Stored data entries:
-- -- --
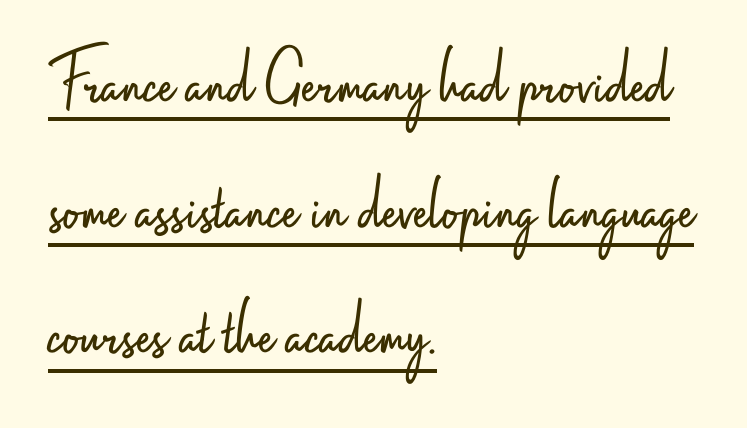
Q: Is the text bold? A: No.
Q: Is the text italic (slanted)? A: Yes.
Q: Is the typeface a serif or a sans-serif typeface? A: Sans-serif.
Q: Is the text underlined? A: Yes.
Q: How is the paragraph aligned? A: Left-aligned.
Q: Is the spacing between letters normal or unusually wide? A: Normal.
Q: Is the spacing between lines tight, normal or loose? A: Normal.
Q: Width (condensed, normal, or wide)? A: Condensed.
Q: Stroke contrast? A: Low.
Q: x-height? A: Small.
Q: Monospaced? A: No.
-- -- --
TASK TO CARRY OUT: Report every line in the data above in which the word "wide" appears.

ANSWER FOR THIS EXERCISE:
Q: Is the spacing between letters normal or unusually wide? A: Normal.
Q: Width (condensed, normal, or wide)? A: Condensed.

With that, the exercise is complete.